For over a decade MTA has tried to have regular but incremental fare increases, instead of holding out and then being forced to make steep hikes.

Lieber praised Hochul and the Legislature for tacking New York’s problems, while noting that others have not done the same.

“Thankfully, we had a governor who was willing to fight for transit riders and a Legislature that does understand the value of public transportation,” he said.

In New Jersey, some options are floating around, like new taxes or fees, but each has its complications and none of the ideas has a public champion yet.

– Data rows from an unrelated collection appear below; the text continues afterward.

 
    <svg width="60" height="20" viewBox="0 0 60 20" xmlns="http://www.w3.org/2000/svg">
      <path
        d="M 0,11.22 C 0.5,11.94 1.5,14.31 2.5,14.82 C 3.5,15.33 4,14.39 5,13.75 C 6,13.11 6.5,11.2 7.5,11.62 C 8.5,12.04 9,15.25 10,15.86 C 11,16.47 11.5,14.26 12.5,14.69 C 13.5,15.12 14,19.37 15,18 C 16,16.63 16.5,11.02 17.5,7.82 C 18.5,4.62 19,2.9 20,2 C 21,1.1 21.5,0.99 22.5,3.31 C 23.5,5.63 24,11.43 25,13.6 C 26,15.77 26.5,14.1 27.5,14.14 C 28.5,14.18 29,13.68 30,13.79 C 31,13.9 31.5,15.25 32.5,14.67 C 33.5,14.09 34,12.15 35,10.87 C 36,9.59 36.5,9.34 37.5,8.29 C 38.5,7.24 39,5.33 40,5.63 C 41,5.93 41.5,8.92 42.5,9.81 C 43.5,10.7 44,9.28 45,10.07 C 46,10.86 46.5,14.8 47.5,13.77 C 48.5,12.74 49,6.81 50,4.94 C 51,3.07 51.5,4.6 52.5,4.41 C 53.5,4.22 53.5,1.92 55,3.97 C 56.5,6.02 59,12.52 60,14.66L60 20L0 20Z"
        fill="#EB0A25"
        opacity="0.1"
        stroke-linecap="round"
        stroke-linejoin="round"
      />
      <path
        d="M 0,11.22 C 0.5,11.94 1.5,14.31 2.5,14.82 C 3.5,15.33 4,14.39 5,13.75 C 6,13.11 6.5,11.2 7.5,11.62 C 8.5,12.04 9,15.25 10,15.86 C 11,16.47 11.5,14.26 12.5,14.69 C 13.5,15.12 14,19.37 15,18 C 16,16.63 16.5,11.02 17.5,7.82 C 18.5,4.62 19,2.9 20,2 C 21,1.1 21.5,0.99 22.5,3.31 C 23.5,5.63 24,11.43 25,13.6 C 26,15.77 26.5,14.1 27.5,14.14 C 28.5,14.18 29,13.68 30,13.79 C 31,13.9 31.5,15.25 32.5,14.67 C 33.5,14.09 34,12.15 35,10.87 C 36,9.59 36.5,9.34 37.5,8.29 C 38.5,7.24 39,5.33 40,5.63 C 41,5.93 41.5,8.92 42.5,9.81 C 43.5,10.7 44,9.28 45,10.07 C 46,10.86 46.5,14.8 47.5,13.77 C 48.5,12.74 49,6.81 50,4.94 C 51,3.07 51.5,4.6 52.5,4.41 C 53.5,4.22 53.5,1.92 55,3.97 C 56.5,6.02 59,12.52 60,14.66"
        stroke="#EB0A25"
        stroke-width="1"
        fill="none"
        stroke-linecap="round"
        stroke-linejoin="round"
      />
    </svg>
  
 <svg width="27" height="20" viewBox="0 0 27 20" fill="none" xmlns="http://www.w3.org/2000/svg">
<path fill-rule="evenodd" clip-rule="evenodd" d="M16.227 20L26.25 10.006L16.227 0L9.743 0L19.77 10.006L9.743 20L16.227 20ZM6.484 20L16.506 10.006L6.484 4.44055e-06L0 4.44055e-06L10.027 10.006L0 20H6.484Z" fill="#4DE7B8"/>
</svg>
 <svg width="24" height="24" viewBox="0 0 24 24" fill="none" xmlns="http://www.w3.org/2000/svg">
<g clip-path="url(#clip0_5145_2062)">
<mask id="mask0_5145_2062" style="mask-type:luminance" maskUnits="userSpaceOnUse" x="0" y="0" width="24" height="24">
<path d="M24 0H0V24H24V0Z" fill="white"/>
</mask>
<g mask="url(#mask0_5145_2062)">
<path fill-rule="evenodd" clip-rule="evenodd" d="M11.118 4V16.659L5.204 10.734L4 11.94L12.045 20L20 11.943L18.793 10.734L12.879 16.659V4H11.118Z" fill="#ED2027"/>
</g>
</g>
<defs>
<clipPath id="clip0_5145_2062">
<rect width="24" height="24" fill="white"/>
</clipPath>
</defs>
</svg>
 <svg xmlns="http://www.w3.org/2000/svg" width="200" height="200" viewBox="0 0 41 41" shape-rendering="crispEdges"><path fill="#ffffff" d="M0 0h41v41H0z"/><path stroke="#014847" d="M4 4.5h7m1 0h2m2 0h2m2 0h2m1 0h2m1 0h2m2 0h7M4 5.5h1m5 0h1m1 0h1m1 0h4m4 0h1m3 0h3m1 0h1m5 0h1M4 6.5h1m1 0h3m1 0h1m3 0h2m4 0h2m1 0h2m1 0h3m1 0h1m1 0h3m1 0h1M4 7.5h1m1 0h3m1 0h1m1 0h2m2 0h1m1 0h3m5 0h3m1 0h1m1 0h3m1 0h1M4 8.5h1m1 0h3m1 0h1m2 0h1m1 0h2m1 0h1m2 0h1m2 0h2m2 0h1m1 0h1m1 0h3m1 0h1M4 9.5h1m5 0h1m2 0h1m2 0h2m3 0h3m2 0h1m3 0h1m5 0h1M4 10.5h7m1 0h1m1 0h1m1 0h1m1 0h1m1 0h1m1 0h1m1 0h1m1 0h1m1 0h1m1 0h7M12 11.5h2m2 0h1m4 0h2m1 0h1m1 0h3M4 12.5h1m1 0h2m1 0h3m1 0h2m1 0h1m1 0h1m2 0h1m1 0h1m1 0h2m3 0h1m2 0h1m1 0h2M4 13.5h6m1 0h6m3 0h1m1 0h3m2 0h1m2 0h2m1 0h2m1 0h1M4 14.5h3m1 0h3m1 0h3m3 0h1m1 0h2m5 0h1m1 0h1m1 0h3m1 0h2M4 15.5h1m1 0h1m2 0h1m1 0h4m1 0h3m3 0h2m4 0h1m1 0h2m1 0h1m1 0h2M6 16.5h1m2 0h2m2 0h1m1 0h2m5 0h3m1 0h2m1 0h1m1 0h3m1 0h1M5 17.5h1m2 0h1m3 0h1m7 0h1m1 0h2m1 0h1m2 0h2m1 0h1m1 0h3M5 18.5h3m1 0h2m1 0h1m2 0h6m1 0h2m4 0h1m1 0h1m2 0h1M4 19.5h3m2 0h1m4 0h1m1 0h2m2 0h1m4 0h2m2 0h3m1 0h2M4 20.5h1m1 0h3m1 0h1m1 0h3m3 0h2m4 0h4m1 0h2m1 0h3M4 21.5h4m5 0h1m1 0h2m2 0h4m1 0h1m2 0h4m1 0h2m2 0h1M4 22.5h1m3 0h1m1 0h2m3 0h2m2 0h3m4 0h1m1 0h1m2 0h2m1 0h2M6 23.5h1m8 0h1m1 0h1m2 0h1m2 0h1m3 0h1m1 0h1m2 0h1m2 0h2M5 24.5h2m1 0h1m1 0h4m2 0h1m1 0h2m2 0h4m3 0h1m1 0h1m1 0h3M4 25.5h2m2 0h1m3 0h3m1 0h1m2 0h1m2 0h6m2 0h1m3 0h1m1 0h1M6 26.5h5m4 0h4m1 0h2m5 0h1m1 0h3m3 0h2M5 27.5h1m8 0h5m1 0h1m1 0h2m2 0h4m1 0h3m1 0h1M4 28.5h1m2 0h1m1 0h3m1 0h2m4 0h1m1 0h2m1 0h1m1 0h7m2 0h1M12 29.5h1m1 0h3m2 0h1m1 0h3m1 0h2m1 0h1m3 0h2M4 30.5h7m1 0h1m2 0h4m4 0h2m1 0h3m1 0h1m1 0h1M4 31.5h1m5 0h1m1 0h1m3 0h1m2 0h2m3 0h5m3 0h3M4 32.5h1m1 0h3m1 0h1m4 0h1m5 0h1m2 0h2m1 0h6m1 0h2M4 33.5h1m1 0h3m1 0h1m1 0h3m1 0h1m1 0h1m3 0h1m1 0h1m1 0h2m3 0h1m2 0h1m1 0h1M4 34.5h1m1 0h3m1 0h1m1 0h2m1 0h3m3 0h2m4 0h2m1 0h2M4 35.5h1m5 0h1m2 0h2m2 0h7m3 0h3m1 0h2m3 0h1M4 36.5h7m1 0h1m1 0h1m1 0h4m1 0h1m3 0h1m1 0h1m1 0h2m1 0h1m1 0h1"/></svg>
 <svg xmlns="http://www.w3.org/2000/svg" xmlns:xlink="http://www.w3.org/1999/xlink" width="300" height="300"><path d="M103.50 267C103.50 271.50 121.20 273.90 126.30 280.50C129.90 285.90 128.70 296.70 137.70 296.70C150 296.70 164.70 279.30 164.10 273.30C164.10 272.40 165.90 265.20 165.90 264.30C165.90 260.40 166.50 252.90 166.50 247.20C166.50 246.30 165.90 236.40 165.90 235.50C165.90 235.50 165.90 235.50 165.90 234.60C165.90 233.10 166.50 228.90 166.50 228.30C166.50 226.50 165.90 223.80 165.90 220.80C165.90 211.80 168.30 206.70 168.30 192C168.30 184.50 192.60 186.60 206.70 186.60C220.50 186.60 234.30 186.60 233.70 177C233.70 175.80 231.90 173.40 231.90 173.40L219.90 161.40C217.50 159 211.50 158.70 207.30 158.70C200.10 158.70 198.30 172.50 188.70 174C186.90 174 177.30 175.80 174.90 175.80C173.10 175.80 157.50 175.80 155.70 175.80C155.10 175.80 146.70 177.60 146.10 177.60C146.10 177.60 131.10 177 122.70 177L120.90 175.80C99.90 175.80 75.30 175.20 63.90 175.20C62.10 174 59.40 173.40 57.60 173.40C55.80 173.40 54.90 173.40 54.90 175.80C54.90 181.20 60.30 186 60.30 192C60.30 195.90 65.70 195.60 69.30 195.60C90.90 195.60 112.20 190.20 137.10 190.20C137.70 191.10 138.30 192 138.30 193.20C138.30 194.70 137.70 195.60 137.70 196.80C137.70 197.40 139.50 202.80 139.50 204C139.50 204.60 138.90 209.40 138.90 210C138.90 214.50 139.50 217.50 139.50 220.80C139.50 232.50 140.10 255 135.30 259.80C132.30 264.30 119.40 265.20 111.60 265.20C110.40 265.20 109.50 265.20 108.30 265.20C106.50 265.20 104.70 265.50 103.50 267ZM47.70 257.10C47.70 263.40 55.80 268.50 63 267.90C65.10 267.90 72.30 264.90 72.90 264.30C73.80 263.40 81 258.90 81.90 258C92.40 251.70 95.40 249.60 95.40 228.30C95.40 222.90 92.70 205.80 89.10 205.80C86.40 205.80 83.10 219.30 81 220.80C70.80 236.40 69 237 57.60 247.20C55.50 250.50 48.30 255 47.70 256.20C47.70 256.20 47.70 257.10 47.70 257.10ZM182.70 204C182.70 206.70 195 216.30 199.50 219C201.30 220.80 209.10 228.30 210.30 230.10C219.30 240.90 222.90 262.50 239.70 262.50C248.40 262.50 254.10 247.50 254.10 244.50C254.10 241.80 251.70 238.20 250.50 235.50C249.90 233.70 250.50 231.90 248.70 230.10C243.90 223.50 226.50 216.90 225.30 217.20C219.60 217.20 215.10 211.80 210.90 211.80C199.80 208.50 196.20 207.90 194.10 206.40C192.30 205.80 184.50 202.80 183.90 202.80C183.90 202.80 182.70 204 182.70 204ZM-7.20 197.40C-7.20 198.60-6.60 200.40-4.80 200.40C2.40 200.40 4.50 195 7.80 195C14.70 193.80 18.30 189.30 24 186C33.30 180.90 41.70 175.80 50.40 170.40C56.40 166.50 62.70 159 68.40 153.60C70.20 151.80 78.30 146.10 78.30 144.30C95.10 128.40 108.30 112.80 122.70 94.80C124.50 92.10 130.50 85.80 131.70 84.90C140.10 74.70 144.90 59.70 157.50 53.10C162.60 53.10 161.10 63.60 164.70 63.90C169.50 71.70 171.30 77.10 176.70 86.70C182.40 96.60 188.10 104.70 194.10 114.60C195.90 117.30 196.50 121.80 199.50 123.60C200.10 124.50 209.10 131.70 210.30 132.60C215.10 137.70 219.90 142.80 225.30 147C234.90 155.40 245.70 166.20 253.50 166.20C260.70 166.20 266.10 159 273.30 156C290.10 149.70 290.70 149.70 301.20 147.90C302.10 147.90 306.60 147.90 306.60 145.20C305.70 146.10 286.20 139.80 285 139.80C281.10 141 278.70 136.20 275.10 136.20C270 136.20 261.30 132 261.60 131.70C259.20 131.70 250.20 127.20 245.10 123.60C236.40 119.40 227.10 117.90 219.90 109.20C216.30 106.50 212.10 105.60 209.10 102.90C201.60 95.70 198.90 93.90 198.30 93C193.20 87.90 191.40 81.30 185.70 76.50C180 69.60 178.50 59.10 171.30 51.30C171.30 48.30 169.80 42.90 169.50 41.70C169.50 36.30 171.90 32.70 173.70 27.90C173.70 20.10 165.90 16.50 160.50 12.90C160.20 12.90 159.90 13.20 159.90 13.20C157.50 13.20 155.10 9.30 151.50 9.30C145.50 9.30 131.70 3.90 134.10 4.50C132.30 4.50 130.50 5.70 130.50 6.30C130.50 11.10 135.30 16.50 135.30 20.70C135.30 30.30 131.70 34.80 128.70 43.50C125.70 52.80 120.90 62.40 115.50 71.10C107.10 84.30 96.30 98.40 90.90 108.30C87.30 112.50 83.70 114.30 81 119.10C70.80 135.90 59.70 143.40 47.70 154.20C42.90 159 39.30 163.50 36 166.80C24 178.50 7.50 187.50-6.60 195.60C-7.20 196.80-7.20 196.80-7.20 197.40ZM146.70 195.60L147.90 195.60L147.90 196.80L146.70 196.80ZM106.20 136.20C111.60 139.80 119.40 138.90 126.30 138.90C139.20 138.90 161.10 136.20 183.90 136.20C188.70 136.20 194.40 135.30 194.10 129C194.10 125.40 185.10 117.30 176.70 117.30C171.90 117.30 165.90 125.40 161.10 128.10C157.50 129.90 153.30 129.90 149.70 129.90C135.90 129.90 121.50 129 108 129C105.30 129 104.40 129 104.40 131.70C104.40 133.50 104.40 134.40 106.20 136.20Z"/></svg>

With all 120 lawmakers on the ballot this year, little will likely be done until late fall, at least, meaning there could be only a matter of months to come up with a political solution by the beginning of the budget year next July.

To add hurdles, Republican lawmakers want to investigate NJ Transit's decision to move out of its 12-story headquarters in Newark to leased office space in a building owned by donors to Murphy's campaigns.

Murphy’s office, which did not respond to a request for comment, would likely argue that it has helped shore up NJ Transit, improving service and infusing more cash by sending toll money from the New Jersey Turnpike to the transit system.

But increasingly, Murphy and NJ Transit are being asked by transit advocates to look at Albany as an example of how things should be done.

“Transit is an asset and an essential state utility and it’s time for New Jersey to catch up to the rest of the region in realizing that,” said Zoe Baldwin, the New Jersey director for the tri-state Regional Plan Association. "This neglect is hobbling one of our greatest engines for equity and economic growth at a time when we desperately need more of both.”

CORRECTION: An earlier version of this report incorrectly stated NJ Transit's budget shortfall next year.
CORRECTION: An earlier version of this report incorrectly stated NJ Transit's budget shortfall next year.